** SUPPLIED MATERIAL follows **

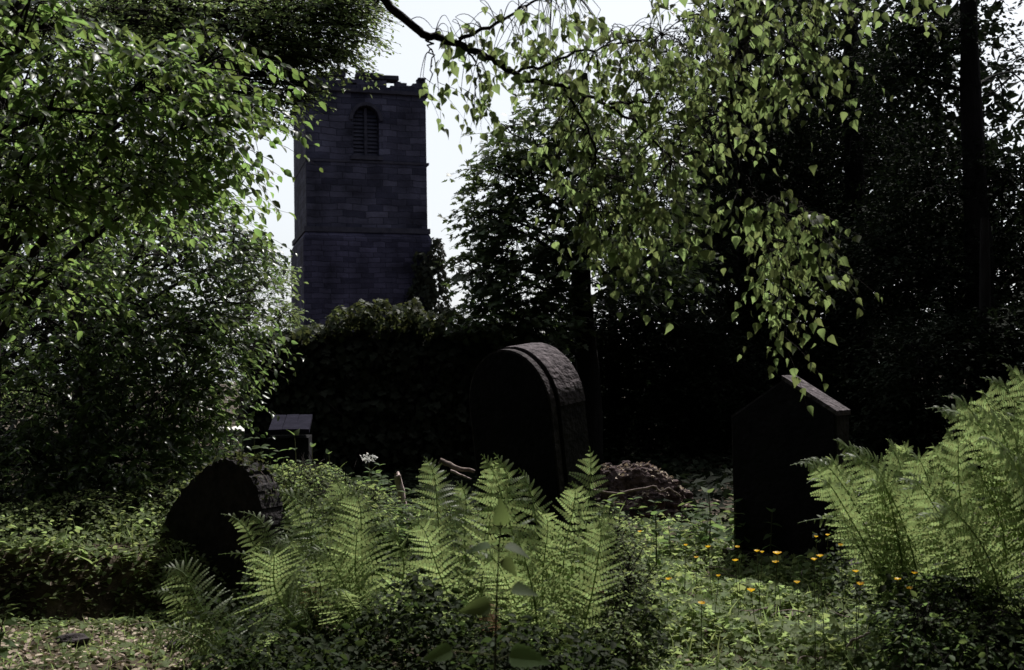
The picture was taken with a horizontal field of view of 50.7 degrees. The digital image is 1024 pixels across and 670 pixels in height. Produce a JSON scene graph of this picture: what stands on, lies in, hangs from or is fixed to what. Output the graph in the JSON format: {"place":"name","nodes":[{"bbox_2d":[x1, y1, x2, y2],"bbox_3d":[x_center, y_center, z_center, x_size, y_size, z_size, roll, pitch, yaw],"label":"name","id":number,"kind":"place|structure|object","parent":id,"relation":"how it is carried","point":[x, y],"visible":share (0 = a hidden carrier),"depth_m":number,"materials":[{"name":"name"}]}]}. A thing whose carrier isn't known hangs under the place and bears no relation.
{"place":"outdoors","nodes":[
{"label":"outdoors","id":0,"kind":"place"},
{"bbox_2d":[223,426,243,430],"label":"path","id":1,"kind":"structure","parent":0,"point":[239,427],"depth_m":31.12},
{"bbox_2d":[0,376,1023,669],"bbox_3d":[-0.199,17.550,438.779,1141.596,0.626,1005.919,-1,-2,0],"label":"ground","id":2,"kind":"structure","parent":0,"point":[50,606],"depth_m":6.87,"materials":[{"name":"green plant"}]},
{"bbox_2d":[0,590,18,665],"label":"nettle","id":3,"kind":"object","parent":2,"relation":"on","point":[3,652],"visible":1,"depth_m":5.37,"materials":[{"name":"green plant"}]},
{"bbox_2d":[56,633,90,645],"bbox_3d":[-2.471,1.719,6.085,0.190,0.077,0.124,-1,-2,0],"label":"stone","id":4,"kind":"object","parent":2,"relation":"on","point":[74,637],"visible":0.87,"depth_m":6.06,"materials":[{"name":"grey stone"}]},
{"bbox_2d":[0,478,157,550],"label":"bramble","id":5,"kind":"object","parent":2,"relation":"on","point":[63,510],"visible":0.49,"depth_m":7.60,"materials":[{"name":"green plant"}]},
{"bbox_2d":[65,466,193,545],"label":"bramble","id":6,"kind":"object","parent":2,"relation":"on","point":[156,502],"visible":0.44,"depth_m":7.92,"materials":[{"name":"green plant"}]},
{"bbox_2d":[0,104,304,531],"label":"broadleaf tree","id":7,"kind":"object","parent":2,"relation":"on","point":[90,398],"visible":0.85,"depth_m":8.75,"materials":[{"name":"green plant"}]},
{"bbox_2d":[0,0,327,414],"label":"broadleaf tree","id":8,"kind":"object","parent":2,"relation":"on","point":[147,192],"visible":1,"depth_m":5.76,"materials":[{"name":"green plant"}]},
{"bbox_2d":[162,639,186,651],"bbox_3d":[-1.850,1.705,5.918,0.136,0.070,0.120,-1,-2,0],"label":"stone","id":9,"kind":"object","parent":2,"relation":"on","point":[167,645],"visible":0.38,"depth_m":5.88,"materials":[{"name":"grey stone"}]},
{"bbox_2d":[115,557,285,669],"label":"fern","id":10,"kind":"object","parent":2,"relation":"on","point":[184,607],"visible":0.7,"depth_m":5.43,"materials":[{"name":"green plant"}]},
{"bbox_2d":[0,0,403,452],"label":"ash tree","id":11,"kind":"object","parent":2,"relation":"on","point":[146,20],"visible":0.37,"depth_m":11.86,"materials":[{"name":"green plant"}]},
{"bbox_2d":[159,457,284,608],"bbox_3d":[-1.987,1.391,7.361,0.988,1.117,0.200,-2,-2,30],"label":"headstone","id":12,"kind":"object","parent":2,"relation":"on","point":[207,500],"visible":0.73,"depth_m":7.22,"materials":[{"name":"stone"}]},
{"bbox_2d":[157,450,288,529],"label":"creeper","id":13,"kind":"object","parent":12,"relation":"attached to","point":[248,461],"visible":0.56,"depth_m":7.25,"materials":[{"name":"green plant"}]},
{"bbox_2d":[161,229,313,420],"bbox_3d":[-9.275,-0.194,35.898,5.585,6.493,3.280,-1,-2,0],"label":"distant tree","id":14,"kind":"object","parent":2,"relation":"on","point":[294,315],"visible":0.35,"depth_m":35.81,"materials":[{"name":"green plant"}]},
{"bbox_2d":[266,414,311,485],"bbox_3d":[-2.634,1.554,12.850,0.490,1.190,0.891,-1,-2,-8],"label":"chest tomb","id":15,"kind":"object","parent":2,"relation":"on","point":[284,424],"visible":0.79,"depth_m":12.50,"materials":[{"name":"stone"}]},
{"bbox_2d":[283,429,307,540],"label":"nettle","id":16,"kind":"object","parent":2,"relation":"on","point":[296,432],"visible":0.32,"depth_m":8.99,"materials":[{"name":"green plant"}]},
{"bbox_2d":[218,506,381,649],"bbox_3d":[-1.160,1.302,5.719,0.697,0.762,0.933,1,-3,-37],"label":"fern","id":17,"kind":"object","parent":2,"relation":"on","point":[279,579],"visible":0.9,"depth_m":5.77,"materials":[{"name":"green plant"}]},
{"bbox_2d":[0,479,611,669],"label":"ground cover","id":18,"kind":"object","parent":2,"relation":"on","point":[43,543],"visible":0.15,"depth_m":6.90,"materials":[{"name":"green plant"}]},
{"bbox_2d":[302,442,321,541],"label":"nettle","id":19,"kind":"object","parent":2,"relation":"on","point":[312,445],"visible":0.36,"depth_m":8.98,"materials":[{"name":"green plant"}]},
{"bbox_2d":[239,447,406,557],"bbox_3d":[-1.527,1.294,8.229,2.035,0.880,1.221,-2,-3,32],"label":"bramble","id":20,"kind":"object","parent":2,"relation":"on","point":[283,477],"visible":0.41,"depth_m":8.11,"materials":[{"name":"green plant"}]},
{"bbox_2d":[321,449,335,536],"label":"nettle","id":21,"kind":"object","parent":2,"relation":"on","point":[328,452],"visible":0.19,"depth_m":8.80,"materials":[{"name":"green plant"}]},
{"bbox_2d":[263,476,435,643],"bbox_3d":[-0.833,1.231,5.882,0.845,0.923,0.838,0,-2,-30],"label":"fern","id":22,"kind":"object","parent":2,"relation":"on","point":[357,591],"visible":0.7,"depth_m":5.79,"materials":[{"name":"green plant"}]},
{"bbox_2d":[347,480,361,552],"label":"nettle","id":23,"kind":"object","parent":2,"relation":"on","point":[357,482],"visible":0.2,"depth_m":7.79,"materials":[{"name":"green plant"}]},
{"bbox_2d":[291,68,432,337],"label":"church tower","id":24,"kind":"structure","parent":2,"relation":"on","point":[361,230],"depth_m":45.99,"materials":[{"name":"grey stone"}]},
{"bbox_2d":[349,102,382,160],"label":"window","id":25,"kind":"structure","parent":24,"relation":"in","point":[362,126],"depth_m":46.28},
{"bbox_2d":[400,237,451,332],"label":"ivy","id":26,"kind":"object","parent":24,"relation":"attached to","point":[426,291],"visible":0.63,"depth_m":45.92,"materials":[{"name":"green plant"}]},
{"bbox_2d":[360,453,377,479],"bbox_3d":[-1.385,1.513,10.492,0.175,0.740,0.163,-1,-2,0],"label":"cow parsley","id":27,"kind":"object","parent":2,"relation":"on","point":[368,458],"visible":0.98,"depth_m":10.49,"materials":[{"name":"white plant"}]},
{"bbox_2d":[366,467,378,563],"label":"nettle","id":28,"kind":"object","parent":2,"relation":"on","point":[371,489],"visible":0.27,"depth_m":7.89,"materials":[{"name":"green plant"}]},
{"bbox_2d":[244,329,506,477],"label":"stone wall","id":29,"kind":"structure","parent":2,"relation":"on","point":[290,373],"depth_m":15.98,"materials":[{"name":"black stone"}]},
{"bbox_2d":[241,326,498,478],"bbox_3d":[-2.008,1.064,15.904,4.051,2.436,0.592,-1,-2,0],"label":"ivy","id":30,"kind":"object","parent":29,"relation":"attached to","point":[368,429],"visible":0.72,"depth_m":15.77,"materials":[{"name":"green plant"}]},
{"bbox_2d":[268,297,524,367],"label":"ivy","id":31,"kind":"object","parent":29,"relation":"attached to","point":[416,319],"visible":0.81,"depth_m":15.75,"materials":[{"name":"green plant"}]},
{"bbox_2d":[0,422,757,583],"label":"nettle bed","id":32,"kind":"object","parent":2,"relation":"on","point":[680,535],"visible":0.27,"depth_m":8.59,"materials":[{"name":"green plant"}]},
{"bbox_2d":[394,472,408,535],"bbox_3d":[-0.879,1.510,8.695,0.127,0.822,0.092,-1,-2,0],"label":"broken post","id":33,"kind":"object","parent":2,"relation":"on","point":[398,481],"visible":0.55,"depth_m":8.68,"materials":[{"name":"brown wood"}]},
{"bbox_2d":[0,547,912,667],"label":"flowers","id":34,"kind":"object","parent":2,"relation":"on","point":[636,581],"visible":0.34,"depth_m":6.13,"materials":[{"name":"plant"}]},
{"bbox_2d":[438,458,474,472],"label":"fallen branch","id":35,"kind":"object","parent":2,"relation":"on","point":[444,462],"visible":1,"depth_m":8.58,"materials":[{"name":"brown wood"}]},
{"bbox_2d":[400,456,516,652],"bbox_3d":[-0.270,1.193,5.995,0.683,1.068,1.006,-1,-2,0],"label":"fern","id":36,"kind":"object","parent":2,"relation":"on","point":[469,583],"visible":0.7,"depth_m":5.88,"materials":[{"name":"green plant"}]},
{"bbox_2d":[450,469,470,479],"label":"fallen branch","id":37,"kind":"object","parent":2,"relation":"on","point":[457,473],"visible":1,"depth_m":8.49,"materials":[{"name":"brown wood"}]},
{"bbox_2d":[0,499,939,669],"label":"leaf litter","id":38,"kind":"object","parent":2,"relation":"on","point":[28,655],"visible":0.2,"depth_m":6.00,"materials":[{"name":"plant"}]},
{"bbox_2d":[470,631,477,669],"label":"sprig","id":39,"kind":"object","parent":2,"relation":"on","point":[474,645],"visible":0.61,"depth_m":5.00,"materials":[{"name":"green plant"}]},
{"bbox_2d":[421,497,551,669],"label":"nettle","id":40,"kind":"object","parent":2,"relation":"on","point":[521,656],"visible":1,"depth_m":2.90,"materials":[{"name":"green plant"}]},
{"bbox_2d":[0,426,1004,522],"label":"ground ivy","id":41,"kind":"object","parent":2,"relation":"on","point":[667,463],"visible":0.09,"depth_m":14.83,"materials":[{"name":"green plant"}]},
{"bbox_2d":[0,486,1017,669],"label":"grass","id":42,"kind":"structure","parent":2,"relation":"on","point":[187,558],"depth_m":6.48,"materials":[{"name":"green plant"}]},
{"bbox_2d":[0,0,1023,472],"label":"wood","id":43,"kind":"object","parent":2,"relation":"on","point":[1004,136],"visible":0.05,"depth_m":24.90,"materials":[{"name":"green plant"}]},
{"bbox_2d":[469,342,596,566],"bbox_3d":[0.155,1.027,8.069,0.353,1.916,0.888,-9,4,-44],"label":"headstone","id":44,"kind":"object","parent":2,"relation":"on","point":[527,408],"visible":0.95,"depth_m":7.82,"materials":[{"name":"stone"}]},
{"bbox_2d":[474,453,604,650],"bbox_3d":[0.049,1.185,5.568,0.771,1.145,0.583,0,-2,-30],"label":"fern","id":45,"kind":"object","parent":2,"relation":"on","point":[520,540],"visible":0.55,"depth_m":5.57,"materials":[{"name":"green plant"}]},
{"bbox_2d":[380,0,747,333],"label":"birch tree","id":46,"kind":"object","parent":2,"relation":"on","point":[572,93],"visible":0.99,"depth_m":4.75,"materials":[{"name":"green plant"}]},
{"bbox_2d":[516,446,625,664],"bbox_3d":[0.280,1.175,5.493,0.597,1.210,0.839,-1,-2,0],"label":"fern","id":47,"kind":"object","parent":2,"relation":"on","point":[561,587],"visible":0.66,"depth_m":5.50,"materials":[{"name":"green plant"}]},
{"bbox_2d":[430,59,732,466],"bbox_3d":[1.074,-0.941,16.245,4.523,6.205,3.217,-1,-2,0],"label":"sycamore tree","id":48,"kind":"object","parent":2,"relation":"on","point":[539,314],"visible":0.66,"depth_m":15.76,"materials":[{"name":"green plant"}]},
{"bbox_2d":[172,529,1023,669],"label":"undergrowth","id":49,"kind":"object","parent":2,"relation":"on","point":[329,651],"visible":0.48,"depth_m":5.23,"materials":[{"name":"green plant"}]},
{"bbox_2d":[605,496,627,590],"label":"nettle","id":50,"kind":"object","parent":2,"relation":"on","point":[613,500],"visible":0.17,"depth_m":6.40,"materials":[{"name":"green plant"}]},
{"bbox_2d":[563,505,683,669],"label":"bramble","id":51,"kind":"object","parent":2,"relation":"on","point":[626,580],"visible":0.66,"depth_m":5.65,"materials":[{"name":"green plant"}]},
{"bbox_2d":[595,485,680,496],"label":"fallen branch","id":52,"kind":"object","parent":2,"relation":"on","point":[636,489],"visible":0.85,"depth_m":10.19,"materials":[{"name":"brown wood"}]},
{"bbox_2d":[495,265,783,461],"bbox_3d":[1.277,0.702,18.137,6.417,4.020,3.077,-1,-2,11],"label":"dark tree","id":53,"kind":"object","parent":2,"relation":"on","point":[618,422],"visible":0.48,"depth_m":17.63,"materials":[{"name":"green plant"}]},
{"bbox_2d":[594,460,712,522],"bbox_3d":[1.405,1.963,11.407,1.489,1.280,0.947,-1,-2,0],"label":"rubble mound","id":54,"kind":"object","parent":2,"relation":"on","point":[624,476],"visible":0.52,"depth_m":11.16,"materials":[{"name":"grey stone"}]},
{"bbox_2d":[647,509,667,573],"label":"nettle","id":55,"kind":"object","parent":2,"relation":"on","point":[656,530],"visible":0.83,"depth_m":7.59,"materials":[{"name":"green plant"}]},
{"bbox_2d":[665,577,671,626],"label":"buttercup","id":56,"kind":"object","parent":2,"relation":"on","point":[668,578],"visible":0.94,"depth_m":6.00,"materials":[{"name":"orange plant"}]},
{"bbox_2d":[683,544,687,598],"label":"buttercup","id":57,"kind":"object","parent":2,"relation":"on","point":[685,569],"visible":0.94,"depth_m":6.70,"materials":[{"name":"orange plant"}]},
{"bbox_2d":[698,601,704,662],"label":"buttercup","id":58,"kind":"object","parent":2,"relation":"on","point":[702,602],"visible":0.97,"depth_m":5.60,"materials":[{"name":"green plant"}]},
{"bbox_2d":[705,545,712,604],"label":"buttercup","id":59,"kind":"object","parent":2,"relation":"on","point":[708,546],"visible":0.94,"depth_m":6.60,"materials":[{"name":"orange plant"}]},
{"bbox_2d":[697,487,725,562],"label":"nettle","id":60,"kind":"object","parent":2,"relation":"on","point":[713,517],"visible":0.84,"depth_m":8.39,"materials":[{"name":"green plant"}]},
{"bbox_2d":[712,574,720,634],"bbox_3d":[1.114,1.500,5.904,0.062,0.384,0.023,-3,-3,36],"label":"buttercup","id":61,"kind":"object","parent":2,"relation":"on","point":[718,575],"visible":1,"depth_m":5.90,"materials":[{"name":"green plant"}]},
{"bbox_2d":[723,498,743,566],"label":"nettle","id":62,"kind":"object","parent":2,"relation":"on","point":[731,537],"visible":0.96,"depth_m":8.18,"materials":[{"name":"green plant"}]},
{"bbox_2d":[733,559,738,610],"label":"buttercup","id":63,"kind":"object","parent":2,"relation":"on","point":[735,560],"visible":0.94,"depth_m":6.20,"materials":[{"name":"orange plant"}]},
{"bbox_2d":[735,545,740,610],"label":"buttercup","id":64,"kind":"object","parent":2,"relation":"on","point":[737,546],"visible":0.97,"depth_m":6.40,"materials":[{"name":"orange plant"}]},
{"bbox_2d":[626,0,877,450],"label":"dark tree","id":65,"kind":"object","parent":2,"relation":"on","point":[739,264],"visible":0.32,"depth_m":19.20,"materials":[{"name":"green plant"}]},
{"bbox_2d":[747,588,760,652],"bbox_3d":[1.279,1.520,5.695,0.075,0.370,0.044,-1,-2,0],"label":"buttercup","id":66,"kind":"object","parent":2,"relation":"on","point":[751,589],"visible":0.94,"depth_m":5.70,"materials":[{"name":"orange plant"}]},
{"bbox_2d":[754,549,760,618],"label":"buttercup","id":67,"kind":"object","parent":2,"relation":"on","point":[756,550],"visible":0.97,"depth_m":6.30,"materials":[{"name":"orange plant"}]},
{"bbox_2d":[758,551,763,613],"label":"buttercup","id":68,"kind":"object","parent":2,"relation":"on","point":[760,581],"visible":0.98,"depth_m":6.30,"materials":[{"name":"green plant"}]},
{"bbox_2d":[762,508,781,565],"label":"nettle","id":69,"kind":"object","parent":2,"relation":"on","point":[769,535],"visible":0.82,"depth_m":8.00,"materials":[{"name":"green plant"}]},
{"bbox_2d":[773,551,780,620],"bbox_3d":[1.496,1.461,6.092,0.060,0.475,0.051,-1,-2,0],"label":"buttercup","id":70,"kind":"object","parent":2,"relation":"on","point":[777,552],"visible":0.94,"depth_m":6.10,"materials":[{"name":"orange plant"}]},
{"bbox_2d":[772,560,782,618],"bbox_3d":[1.502,1.486,6.103,0.069,0.422,0.037,1,-3,-43],"label":"buttercup","id":71,"kind":"object","parent":2,"relation":"on","point":[775,562],"visible":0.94,"depth_m":6.10,"materials":[{"name":"orange plant"}]},
{"bbox_2d":[610,0,951,415],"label":"birch tree","id":72,"kind":"object","parent":2,"relation":"on","point":[798,273],"visible":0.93,"depth_m":4.81,"materials":[{"name":"green plant"}]},
{"bbox_2d":[722,375,861,578],"bbox_3d":[2.073,1.146,8.012,0.275,1.695,1.104,1,-3,-44],"label":"headstone","id":73,"kind":"object","parent":2,"relation":"on","point":[778,430],"visible":0.56,"depth_m":7.97,"materials":[{"name":"stone"}]},
{"bbox_2d":[794,580,800,652],"bbox_3d":[1.506,1.496,5.696,0.033,0.397,0.038,-1,-2,0],"label":"buttercup","id":74,"kind":"object","parent":2,"relation":"on","point":[796,581],"visible":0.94,"depth_m":5.70,"materials":[{"name":"orange plant"}]},
{"bbox_2d":[577,504,1023,669],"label":"ground cover","id":75,"kind":"object","parent":2,"relation":"on","point":[834,632],"visible":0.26,"depth_m":6.30,"materials":[{"name":"green plant"}]},
{"bbox_2d":[811,558,816,669],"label":"buttercup","id":76,"kind":"object","parent":2,"relation":"on","point":[814,609],"visible":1,"depth_m":5.15,"materials":[{"name":"green plant"}]},
{"bbox_2d":[815,535,818,606],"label":"buttercup","id":77,"kind":"object","parent":2,"relation":"on","point":[817,573],"visible":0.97,"depth_m":6.60,"materials":[{"name":"green plant"}]},
{"bbox_2d":[817,554,825,668],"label":"buttercup","id":78,"kind":"object","parent":2,"relation":"on","point":[819,555],"visible":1,"depth_m":5.15,"materials":[{"name":"green plant"}]},
{"bbox_2d":[823,534,828,607],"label":"buttercup","id":79,"kind":"object","parent":2,"relation":"on","point":[826,566],"visible":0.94,"depth_m":6.60,"materials":[{"name":"green plant"}]},
{"bbox_2d":[838,543,846,663],"bbox_3d":[1.622,1.331,5.294,0.042,0.616,0.022,1,-3,-44],"label":"buttercup","id":80,"kind":"object","parent":2,"relation":"on","point":[840,544],"visible":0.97,"depth_m":5.30,"materials":[{"name":"green plant"}]},
{"bbox_2d":[853,570,857,655],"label":"buttercup","id":81,"kind":"object","parent":2,"relation":"on","point":[856,614],"visible":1,"depth_m":5.15,"materials":[{"name":"green plant"}]},
{"bbox_2d":[846,632,870,648],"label":"fallen branch","id":82,"kind":"object","parent":2,"relation":"on","point":[849,644],"visible":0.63,"depth_m":5.34,"materials":[{"name":"brown wood"}]},
{"bbox_2d":[854,582,863,667],"bbox_3d":[1.654,1.409,5.151,0.036,0.464,0.061,1,-3,-41],"label":"buttercup","id":83,"kind":"object","parent":2,"relation":"on","point":[860,583],"visible":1,"depth_m":5.15,"materials":[{"name":"green plant"}]},
{"bbox_2d":[760,0,962,443],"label":"dark tree","id":84,"kind":"object","parent":2,"relation":"on","point":[855,146],"visible":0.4,"depth_m":18.79,"materials":[{"name":"green plant"}]},
{"bbox_2d":[792,438,946,638],"bbox_3d":[1.905,1.115,5.720,0.885,1.139,0.663,-1,-2,0],"label":"fern","id":85,"kind":"object","parent":2,"relation":"on","point":[881,510],"visible":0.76,"depth_m":5.65,"materials":[{"name":"green plant"}]},
{"bbox_2d":[907,586,915,648],"bbox_3d":[1.909,1.423,5.152,0.058,0.450,0.026,1,-3,-42],"label":"buttercup","id":86,"kind":"object","parent":2,"relation":"on","point":[909,587],"visible":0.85,"depth_m":5.15,"materials":[{"name":"green plant"}]},
{"bbox_2d":[912,571,917,647],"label":"buttercup","id":87,"kind":"object","parent":2,"relation":"on","point":[914,572],"visible":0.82,"depth_m":5.15,"materials":[{"name":"green plant"}]},
{"bbox_2d":[809,0,1023,443],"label":"dark tree","id":88,"kind":"object","parent":2,"relation":"on","point":[974,196],"visible":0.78,"depth_m":15.21,"materials":[{"name":"green plant"}]},
{"bbox_2d":[835,218,1023,488],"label":"hedge","id":89,"kind":"object","parent":2,"relation":"on","point":[982,346],"visible":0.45,"depth_m":13.33,"materials":[{"name":"green plant"}]},
{"bbox_2d":[849,553,1023,669],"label":"bramble","id":90,"kind":"object","parent":2,"relation":"on","point":[991,623],"visible":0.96,"depth_m":4.92,"materials":[{"name":"green plant"}]},
{"bbox_2d":[922,579,968,647],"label":"nettle","id":91,"kind":"object","parent":2,"relation":"on","point":[930,584],"visible":0.23,"depth_m":5.29,"materials":[{"name":"green plant"}]},
{"bbox_2d":[896,427,1023,616],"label":"fern","id":92,"kind":"object","parent":2,"relation":"on","point":[957,521],"visible":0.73,"depth_m":5.38,"materials":[{"name":"green plant"}]},
{"bbox_2d":[926,363,1023,574],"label":"fern","id":93,"kind":"object","parent":2,"relation":"on","point":[1004,451],"visible":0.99,"depth_m":5.23,"materials":[{"name":"green plant"}]},
{"bbox_2d":[967,577,1004,637],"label":"nettle","id":94,"kind":"object","parent":2,"relation":"on","point":[972,580],"visible":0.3,"depth_m":5.22,"materials":[{"name":"green plant"}]},
{"bbox_2d":[5,0,1023,382],"label":"sky","id":95,"kind":"structure","parent":0,"point":[443,155],"materials":[{"name":"white"}]}
]}

** End of SUPPLIED MATERIAL **

Report the number of lines in the records above that contain "bramble", with no other text.

» TASK SOLUTION: 5